The Fate of the West’s Water Rests on the Shoulders of This 27-Year-Old

When the highest stakes water negotiations in a century opened this fall, the largest, most powerful state — California — was represented by the youngest person at the table, a 27-year-old named John Brooks Hamby, who graduated from college barely four years ago.

In the short time since then, Hamby — who goes by J.B. — has risen from recent Stanford grad to candidate for his hometown irrigation district to chair of the Colorado River Board of California, a position that makes him the state’s lead negotiator for its rights to the West’s most important river.

With climate change dramatically shrinking the waterway’s flows, the seven states that share the river must now decide how to allocate deep, painful cuts in water use that will determine the future of communities across a huge swath of the country.

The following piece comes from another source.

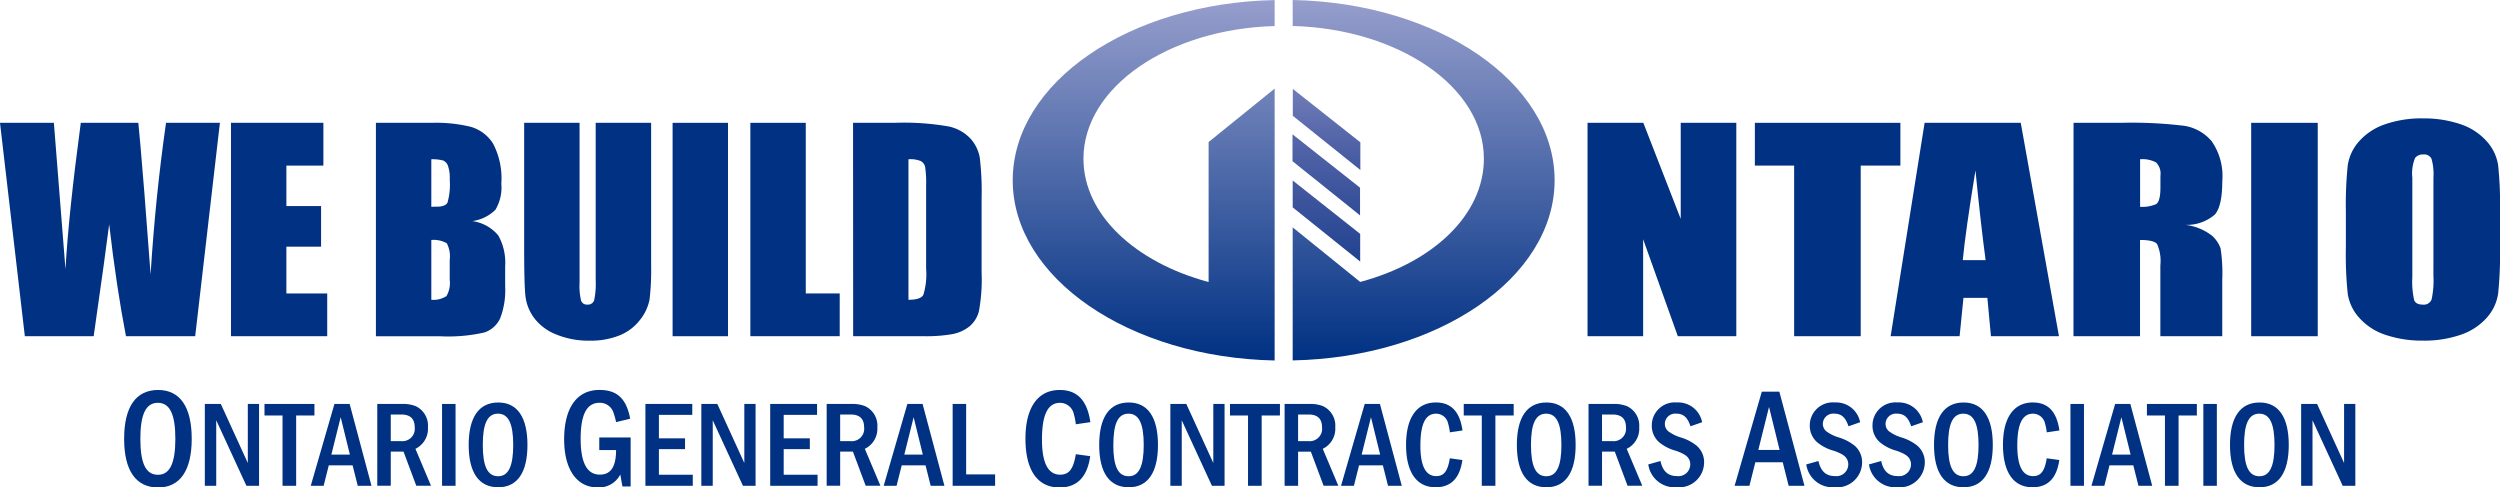 <svg xmlns="http://www.w3.org/2000/svg" xmlns:xlink="http://www.w3.org/1999/xlink" width="266.677" height="52" viewBox="0 0 266.677 52"><defs><style>.a{fill:#003183;}.b{fill:url(#a);}.c{fill:url(#c);}.d{fill:url(#d);}.e{fill:url(#e);}</style><linearGradient id="a" x1="0.5" x2="0.5" y2="1" gradientUnits="objectBoundingBox"><stop offset="0" stop-color="#969ecc"></stop><stop offset="1" stop-color="#003183"></stop></linearGradient><linearGradient id="c" x1="0.5" x2="0.5" y2="1" gradientUnits="objectBoundingBox"><stop offset="0" stop-color="#465aa1"></stop><stop offset="1" stop-color="#204290"></stop></linearGradient><linearGradient id="d" x1="0.5" x2="0.5" y2="1" gradientUnits="objectBoundingBox"><stop offset="0" stop-color="#5868aa"></stop><stop offset="1" stop-color="#314c97"></stop></linearGradient><linearGradient id="e" x1="0.5" x2="0.5" y2="1" gradientUnits="objectBoundingBox"><stop offset="0" stop-color="#717db8"></stop><stop offset="1" stop-color="#42579f"></stop></linearGradient></defs><g transform="translate(-99.83 -317.369)"><g transform="translate(99.83 330)"><path class="a" d="M123.288,337.388l-2.637,22.763h-7.384q-1.013-5.245-1.791-11.943-.356,2.874-1.654,11.943h-7.342L99.83,337.388h5.747l.629,7.942.608,7.681q.336-5.962,1.634-15.623h6.137q.122,1,.649,7.507l.66,8.668q.513-8.272,1.647-16.175Z" transform="translate(-99.83 -336.917)"></path><path class="a" d="M137.478,337.388h9.857v4.561h-3.947v4.315h3.7V350.6h-3.7v4.99h4.356v4.56H137.478Z" transform="translate(-112.839 -336.917)"></path><path class="a" d="M161.1,337.388h5.914a15.582,15.582,0,0,1,4.245.437,4.2,4.2,0,0,1,2.33,1.766,7.939,7.939,0,0,1,.887,4.283,4.618,4.618,0,0,1-.626,2.786,4.364,4.364,0,0,1-2.469,1.21,4.368,4.368,0,0,1,2.776,1.539,5.944,5.944,0,0,1,.729,3.3v2.107a8.352,8.352,0,0,1-.528,3.415,2.843,2.843,0,0,1-1.681,1.518,17.3,17.3,0,0,1-4.726.407H161.1Zm5.91,3.886v5.072c.256-.009.456-.014.6-.014q.883,0,1.124-.429a6.98,6.98,0,0,0,.241-2.459,3.933,3.933,0,0,0-.2-1.5.951.951,0,0,0-.52-.543A4.643,4.643,0,0,0,167.007,341.274Zm0,8.61v6.381a2.571,2.571,0,0,0,1.615-.395,2.743,2.743,0,0,0,.348-1.732v-2.127a2.98,2.98,0,0,0-.313-1.775A2.832,2.832,0,0,0,167.007,349.884Z" transform="translate(-121.001 -336.917)"></path><path class="a" d="M198.81,337.388V352.6a26.382,26.382,0,0,1-.168,3.633,4.936,4.936,0,0,1-1,2.151,5.18,5.18,0,0,1-2.186,1.672,8.228,8.228,0,0,1-3.2.569,9.015,9.015,0,0,1-3.6-.674,5.41,5.41,0,0,1-2.334-1.758,4.856,4.856,0,0,1-.914-2.283q-.141-1.2-.141-5.053V337.388h5.91v17.068a6.64,6.64,0,0,0,.164,1.905.639.639,0,0,0,.66.415.691.691,0,0,0,.732-.457,8.437,8.437,0,0,0,.163-2.158V337.388Z" transform="translate(-129.354 -336.917)"></path><path class="a" d="M215.369,337.388v22.763h-5.911V337.388Z" transform="translate(-137.712 -336.917)"></path><path class="a" d="M228.044,337.388v18.2h3.62v4.56h-9.531V337.388Z" transform="translate(-142.092 -336.917)"></path><path class="a" d="M238.871,337.388H243.3a27.521,27.521,0,0,1,5.8.394,4.445,4.445,0,0,1,2.3,1.293,4.094,4.094,0,0,1,.984,2,30.306,30.306,0,0,1,.2,4.337v7.972a18.543,18.543,0,0,1-.288,4.1,3.085,3.085,0,0,1-1.005,1.617,4.17,4.17,0,0,1-1.771.815,16.016,16.016,0,0,1-3.176.232h-7.462Zm5.91,3.886v14.991q1.287,0,1.584-.514a7.5,7.5,0,0,0,.3-2.794V344.1a11.806,11.806,0,0,0-.1-1.985.942.942,0,0,0-.452-.64A2.953,2.953,0,0,0,244.781,341.274Z" transform="translate(-147.875 -336.917)"></path><path class="a" d="M374.455,337.388v22.763h-6.238l-3.7-10.348v10.348h-5.931V337.388h5.952l3.988,10.249V337.388Z" transform="translate(-189.242 -336.917)"></path><path class="a" d="M401.383,337.388v4.561h-4.234v18.2h-7.1v-18.2H385.86v-4.561Z" transform="translate(-198.667 -336.917)"></path><path class="a" d="M421.869,337.388l4.075,22.763h-7.255l-.382-4.09h-2.55l-.412,4.09h-7.357l3.625-22.763Zm-3.749,14.643q-.522-3.877-1.083-9.571-1.069,6.542-1.352,9.571Z" transform="translate(-206.313 -336.917)"></path><path class="a" d="M437.8,337.388h5.031a46.137,46.137,0,0,1,6.813.323,4.808,4.808,0,0,1,2.9,1.652,6.52,6.52,0,0,1,1.122,4.239q0,2.657-.793,3.571a4.578,4.578,0,0,1-3.123,1.1,5.765,5.765,0,0,1,2.835,1.167,3.344,3.344,0,0,1,.9,1.343,17.592,17.592,0,0,1,.178,3.367v6H447.06v-7.566a4.427,4.427,0,0,0-.348-2.264c-.232-.291-.837-.436-1.82-.436v10.266h-7.1Zm7.1,3.886v5.072a3.67,3.67,0,0,0,1.685-.275q.483-.274.483-1.782v-1.254a1.692,1.692,0,0,0-.465-1.423A3.071,3.071,0,0,0,444.893,341.274Z" transform="translate(-216.613 -336.917)"></path><path class="a" d="M473.857,337.388v22.763h-7.1V337.388Z" transform="translate(-226.622 -336.917)"></path><path class="a" d="M498.629,350.467a41.447,41.447,0,0,1-.194,4.855,4.946,4.946,0,0,1-1.216,2.607,6.485,6.485,0,0,1-2.76,1.812,11.843,11.843,0,0,1-4.052.632,12.131,12.131,0,0,1-3.942-.6,6.475,6.475,0,0,1-2.811-1.791,4.919,4.919,0,0,1-1.266-2.6,39.88,39.88,0,0,1-.2-4.918v-3.892a41.4,41.4,0,0,1,.194-4.854,4.947,4.947,0,0,1,1.216-2.607,6.484,6.484,0,0,1,2.76-1.812,11.842,11.842,0,0,1,4.052-.633,12.148,12.148,0,0,1,3.942.6,6.481,6.481,0,0,1,2.811,1.791,4.932,4.932,0,0,1,1.267,2.6,40.278,40.278,0,0,1,.2,4.918Zm-7.1-7.478a5.887,5.887,0,0,0-.213-2.031.875.875,0,0,0-.877-.443,1.058,1.058,0,0,0-.862.359,4.287,4.287,0,0,0-.3,2.116v10.63a8.688,8.688,0,0,0,.2,2.446c.132.31.435.464.913.464a.887.887,0,0,0,.937-.534,9.319,9.319,0,0,0,.2-2.545Z" transform="translate(-231.952 -336.669)"></path></g><g transform="translate(113.07 358.968)"><path class="a" d="M127.272,386.14c0,3.387-1.249,5.193-3.582,5.193-2.378,0-3.628-1.806-3.628-5.193,0-3.4,1.25-5.208,3.628-5.208C126.022,380.932,127.272,382.738,127.272,386.14Zm-5.48,0c0,2.634.587,3.838,1.882,3.838,1.265,0,1.852-1.234,1.852-3.838s-.587-3.838-1.866-3.838C122.395,382.3,121.792,383.507,121.792,386.14Z" transform="translate(-120.061 -380.932)"></path><path class="a" d="M134.923,383.21l2.88,6.3v-6.3h1.2v8.73h-1.348l-3.22-6.989v6.989h-1.217v-8.73Z" transform="translate(-124.609 -381.719)"></path><path class="a" d="M148.268,383.21v1.23h-1.95v7.5h-1.453v-7.5h-1.924v-1.23Z" transform="translate(-127.967 -381.719)"></path><path class="a" d="M154.63,383.21l2.33,8.73h-1.466l-.55-2.185h-2.539l-.55,2.185h-1.374l2.526-8.73Zm-.956,1.414-.995,3.992h1.976Z" transform="translate(-130.573 -381.719)"></path><path class="a" d="M163.952,383.21a3.738,3.738,0,0,1,1.44.222,2.288,2.288,0,0,1,1.335,2.264,2.376,2.376,0,0,1-1.335,2.3l1.662,3.939h-1.571l-1.361-3.639h-1.361v3.639h-1.44v-8.73Zm-1.191,3.966h1.113a1.32,1.32,0,0,0,1.44-1.493c0-.89-.484-1.348-1.427-1.348h-1.126Z" transform="translate(-134.318 -381.719)"></path><path class="a" d="M173.321,383.21v8.73h-1.44v-8.73Z" transform="translate(-137.967 -381.719)"></path><path class="a" d="M182.491,387.5c0,2.945-1.086,4.516-3.115,4.516-2.068,0-3.154-1.571-3.154-4.516s1.086-4.529,3.154-4.529C181.4,382.969,182.491,384.54,182.491,387.5Zm-4.764,0c0,2.291.51,3.338,1.636,3.338,1.1,0,1.61-1.073,1.61-3.338s-.51-3.337-1.623-3.337S177.726,385.207,177.726,387.5Z" transform="translate(-139.467 -381.636)"></path><path class="a" d="M198.877,386v5.224H198l-.226-1.279a2.55,2.55,0,0,1-2.408,1.384c-2.243,0-3.582-1.927-3.582-5.132,0-3.357,1.355-5.269,3.763-5.269,1.882,0,2.875.918,3.281,3.071l-1.505.361a7.089,7.089,0,0,0-.256-.948,1.522,1.522,0,0,0-1.505-1.113c-1.37,0-2.017,1.249-2.017,3.838,0,2.559.677,3.824,2.047,3.824,1.174,0,1.731-.844,1.731-2.619h-1.791V386Z" transform="translate(-144.846 -380.932)"></path><path class="a" d="M210.027,383.21v1.164h-3.56v2.5h2.788v1.152h-2.788v2.736h3.613v1.177h-5.052v-8.73Z" transform="translate(-149.421 -381.719)"></path><path class="a" d="M215.849,383.21l2.88,6.3v-6.3h1.2v8.73h-1.348l-3.22-6.989v6.989h-1.217v-8.73Z" transform="translate(-152.572 -381.719)"></path><path class="a" d="M230.366,383.21v1.164h-3.56v2.5h2.788v1.152h-2.788v2.736h3.613v1.177h-5.052v-8.73Z" transform="translate(-156.449 -381.719)"></path><path class="a" d="M237.2,383.21a3.738,3.738,0,0,1,1.44.222,2.288,2.288,0,0,1,1.335,2.264,2.376,2.376,0,0,1-1.335,2.3l1.662,3.939h-1.571l-1.361-3.639h-1.361v3.639h-1.44v-8.73Zm-1.191,3.966h1.113a1.32,1.32,0,0,0,1.44-1.493c0-.89-.484-1.348-1.427-1.348h-1.126Z" transform="translate(-159.628 -381.719)"></path><path class="a" d="M248.015,383.21l2.33,8.73h-1.466l-.55-2.185H245.79l-.55,2.185h-1.374l2.526-8.73Zm-.955,1.414-.995,3.992h1.976Z" transform="translate(-162.842 -381.719)"></path><path class="a" d="M256.546,383.21v7.513h3.089v1.217h-4.529v-8.73Z" transform="translate(-166.726 -381.719)"></path><path class="a" d="M273.881,387.992c-.316,2.228-1.4,3.342-3.281,3.342-2.349,0-3.628-1.851-3.628-5.207,0-3.312,1.31-5.194,3.658-5.194,1.882,0,2.935,1.129,3.266,3.432l-1.55.226a6.947,6.947,0,0,0-.226-1.144,1.51,1.51,0,0,0-1.46-1.143c-1.31,0-1.926,1.279-1.926,3.913q0,3.748,1.941,3.749c.949,0,1.415-.6,1.671-2.183Z" transform="translate(-170.826 -380.932)"></path><path class="a" d="M285.26,387.5c0,2.945-1.086,4.516-3.115,4.516-2.068,0-3.154-1.571-3.154-4.516s1.086-4.529,3.154-4.529C284.173,382.969,285.26,384.54,285.26,387.5Zm-4.764,0c0,2.291.51,3.338,1.636,3.338,1.1,0,1.61-1.073,1.61-3.338s-.51-3.337-1.623-3.337S280.5,385.207,280.5,387.5Z" transform="translate(-174.979 -381.636)"></path><path class="a" d="M292.292,383.21l2.88,6.3v-6.3h1.2v8.73h-1.348l-3.22-6.989v6.989H290.59v-8.73Z" transform="translate(-178.987 -381.719)"></path><path class="a" d="M305.637,383.21v1.23h-1.95v7.5h-1.453v-7.5H300.31v-1.23Z" transform="translate(-182.346 -381.719)"></path><path class="a" d="M311.84,383.21a3.74,3.74,0,0,1,1.44.222,2.289,2.289,0,0,1,1.335,2.264,2.376,2.376,0,0,1-1.335,2.3l1.662,3.939h-1.571L312.01,388.3H310.65v3.639h-1.44v-8.73Zm-1.19,3.966h1.112a1.321,1.321,0,0,0,1.44-1.493c0-.89-.485-1.348-1.427-1.348H310.65Z" transform="translate(-185.421 -381.719)"></path><path class="a" d="M322.558,383.21l2.331,8.73h-1.467l-.55-2.185h-2.539l-.55,2.185h-1.374l2.526-8.73Zm-.956,1.414-.995,3.992h1.976Z" transform="translate(-188.6 -381.719)"></path><path class="a" d="M335.016,389.108c-.274,1.937-1.217,2.906-2.853,2.906-2.042,0-3.154-1.611-3.154-4.529,0-2.88,1.139-4.516,3.181-4.516,1.636,0,2.552.982,2.84,2.985l-1.348.2a6,6,0,0,0-.2-.995,1.313,1.313,0,0,0-1.27-.994c-1.139,0-1.675,1.112-1.675,3.4q0,3.259,1.688,3.259c.824,0,1.23-.523,1.453-1.9Z" transform="translate(-192.263 -381.636)"></path><path class="a" d="M343.736,383.21v1.23h-1.951v7.5h-1.452v-7.5h-1.925v-1.23Z" transform="translate(-195.51 -381.719)"></path><path class="a" d="M353.338,387.5c0,2.945-1.086,4.516-3.115,4.516-2.069,0-3.155-1.571-3.155-4.516s1.086-4.529,3.155-4.529C352.251,382.969,353.338,384.54,353.338,387.5Zm-4.764,0c0,2.291.51,3.338,1.636,3.338,1.1,0,1.61-1.073,1.61-3.338s-.51-3.337-1.622-3.337S348.573,385.207,348.573,387.5Z" transform="translate(-198.503 -381.636)"></path><path class="a" d="M361.38,383.21a3.738,3.738,0,0,1,1.44.222,2.289,2.289,0,0,1,1.335,2.264,2.376,2.376,0,0,1-1.335,2.3l1.662,3.939h-1.571l-1.361-3.639h-1.361v3.639h-1.44v-8.73Zm-1.191,3.966H361.3a1.321,1.321,0,0,0,1.44-1.493c0-.89-.485-1.348-1.427-1.348h-1.126Z" transform="translate(-202.539 -381.719)"></path><path class="a" d="M372.991,385.508c-.327-.968-.759-1.348-1.544-1.348a1.106,1.106,0,0,0-1.192,1.1,1.026,1.026,0,0,0,.353.772,4.288,4.288,0,0,0,1.388.681,4.964,4.964,0,0,1,1.662.877,2.314,2.314,0,0,1,.785,1.78,2.677,2.677,0,0,1-2.932,2.644,2.841,2.841,0,0,1-3.024-2.435l1.3-.367c.235,1.086.8,1.61,1.766,1.61a1.263,1.263,0,0,0,1.414-1.257,1.121,1.121,0,0,0-.1-.471c-.17-.393-.51-.628-1.374-.955a4.718,4.718,0,0,1-1.846-.929,2.317,2.317,0,0,1-.785-1.781,2.452,2.452,0,0,1,2.67-2.461,2.606,2.606,0,0,1,2.7,2.108Z" transform="translate(-205.904 -381.636)"></path><path class="a" d="M387.33,381.208l2.679,10.04h-1.686l-.632-2.513h-2.92l-.632,2.513h-1.58l2.9-10.04Zm-1.1,1.626-1.144,4.592h2.272Z" transform="translate(-210.766 -381.027)"></path><path class="a" d="M398.744,385.508c-.327-.968-.759-1.348-1.545-1.348a1.105,1.105,0,0,0-1.191,1.1,1.026,1.026,0,0,0,.353.772,4.29,4.29,0,0,0,1.388.681,4.964,4.964,0,0,1,1.662.877,2.314,2.314,0,0,1,.785,1.78,2.677,2.677,0,0,1-2.932,2.644,2.841,2.841,0,0,1-3.024-2.435l1.3-.367c.235,1.086.8,1.61,1.766,1.61a1.263,1.263,0,0,0,1.414-1.257,1.132,1.132,0,0,0-.1-.471c-.17-.393-.51-.628-1.374-.955a4.718,4.718,0,0,1-1.846-.929,2.317,2.317,0,0,1-.785-1.781,2.452,2.452,0,0,1,2.67-2.461,2.606,2.606,0,0,1,2.7,2.108Z" transform="translate(-214.803 -381.636)"></path><path class="a" d="M408.964,385.508c-.327-.968-.759-1.348-1.544-1.348a1.105,1.105,0,0,0-1.191,1.1,1.024,1.024,0,0,0,.353.772,4.29,4.29,0,0,0,1.387.681,4.951,4.951,0,0,1,1.662.877,2.312,2.312,0,0,1,.785,1.78,2.676,2.676,0,0,1-2.931,2.644,2.841,2.841,0,0,1-3.024-2.435l1.3-.367c.236,1.086.8,1.61,1.767,1.61a1.263,1.263,0,0,0,1.414-1.257,1.131,1.131,0,0,0-.1-.471c-.17-.393-.51-.628-1.374-.955a4.718,4.718,0,0,1-1.846-.929,2.318,2.318,0,0,1-.786-1.781,2.452,2.452,0,0,1,2.671-2.461,2.606,2.606,0,0,1,2.7,2.108Z" transform="translate(-218.335 -381.636)"></path><path class="a" d="M421.33,387.5c0,2.945-1.087,4.516-3.115,4.516-2.068,0-3.155-1.571-3.155-4.516s1.087-4.529,3.155-4.529C420.243,382.969,421.33,384.54,421.33,387.5Zm-4.765,0c0,2.291.511,3.338,1.636,3.338,1.1,0,1.61-1.073,1.61-3.338s-.51-3.337-1.622-3.337S416.565,385.207,416.565,387.5Z" transform="translate(-221.997 -381.636)"></path><path class="a" d="M432.308,389.108c-.275,1.937-1.217,2.906-2.853,2.906-2.042,0-3.154-1.611-3.154-4.529,0-2.88,1.139-4.516,3.181-4.516,1.636,0,2.552.982,2.84,2.985l-1.349.2a5.937,5.937,0,0,0-.2-.995,1.313,1.313,0,0,0-1.27-.994c-1.139,0-1.675,1.112-1.675,3.4q0,3.259,1.689,3.259c.824,0,1.23-.523,1.452-1.9Z" transform="translate(-225.882 -381.636)"></path><path class="a" d="M438.741,383.21v8.73H437.3v-8.73Z" transform="translate(-229.683 -381.719)"></path><path class="a" d="M444.87,383.21l2.331,8.73h-1.466l-.55-2.185h-2.539l-.55,2.185h-1.374l2.526-8.73Zm-.955,1.414-.995,3.992H444.9Z" transform="translate(-230.864 -381.719)"></path><path class="a" d="M455.088,383.21v1.23h-1.95v7.5h-1.453v-7.5h-1.924v-1.23Z" transform="translate(-233.988 -381.719)"></path><path class="a" d="M460.4,383.21v8.73h-1.44v-8.73Z" transform="translate(-237.167 -381.719)"></path><path class="a" d="M469.571,387.5c0,2.945-1.086,4.516-3.115,4.516-2.068,0-3.154-1.571-3.154-4.516s1.086-4.529,3.154-4.529C468.484,382.969,469.571,384.54,469.571,387.5Zm-4.764,0c0,2.291.51,3.338,1.636,3.338,1.1,0,1.609-1.073,1.609-3.338s-.51-3.337-1.622-3.337S464.806,385.207,464.806,387.5Z" transform="translate(-238.667 -381.636)"></path><path class="a" d="M476.6,383.21l2.88,6.3v-6.3h1.2v8.73h-1.348l-3.22-6.989v6.989H474.9v-8.73Z" transform="translate(-242.675 -381.719)"></path></g><path class="b" d="M292.835,355.825c-15.509-.308-27.939-8.8-27.939-19.223s12.43-18.916,27.939-19.223v2.77c-11.344.316-20.394,6.533-20.394,14.157,0,5.956,5.524,11.053,13.35,13.149V332.524l7.045-5.7Z" transform="translate(-57.038 -0.003)"></path><path class="b" d="M310.528,341.624v14.19c15.509-.308,27.94-8.8,27.94-19.223s-12.431-18.916-27.939-19.223v2.77c11.344.315,20.394,6.533,20.394,14.156,0,5.956-5.363,11.054-13.19,13.149Z" transform="translate(-72.806)"></path><path class="c" d="M310.528,349.655v-2.867l7.2,5.694v2.954Z" transform="translate(-72.806 -10.166)"></path><path class="d" d="M310.5,342.13v-2.867l7.205,5.694v2.954Z" transform="translate(-72.798 -7.566)"></path><path class="e" d="M310.548,334.73v-2.867l7.205,5.694v2.954Z" transform="translate(-72.813 -5.009)"></path></g></svg>

Whether Hamby can navigate the reflexive defensiveness of this region’s hardened farmers matters not just to his own political future. It could determine the fate of a broad swath of the American West.

To the waterway’s power players and intelligentsia, whose annual meeting convenes Wednesday in Las Vegas, Hamby has come to represent the hope for a new way to resolve the generations-deep conflicts over the Colorado River.

It’s a heavy mantle for a 27-year-old whose prior work experience consists of a series of internships — two for Uber, one in Washington for a U.S senator, and one for the irrigation district’s legal department.

It’s too simple to say that it’s a showdown between agriculture and cities, but that’s a central dynamic, and Hamby now finds himself on both sides of that divide. But the negotiation has a second dynamic as well; it also pits California, the largest of the states along the river, against the others, which have burgeoning cities and agricultural interests of their own that need water.

Whether the states can find a way through those competing interests will depend a lot on Hamby, who was elected in 2020 to the board of the Imperial Irrigation District — the mercurial entity that controls the enormous supply of water that turns this slice of the Sonoran Desert into some of the country’s most productive agricultural land — on promises to protect its rights. Under the 101-year-old compact that governs the river, they are among the most senior and legally protected.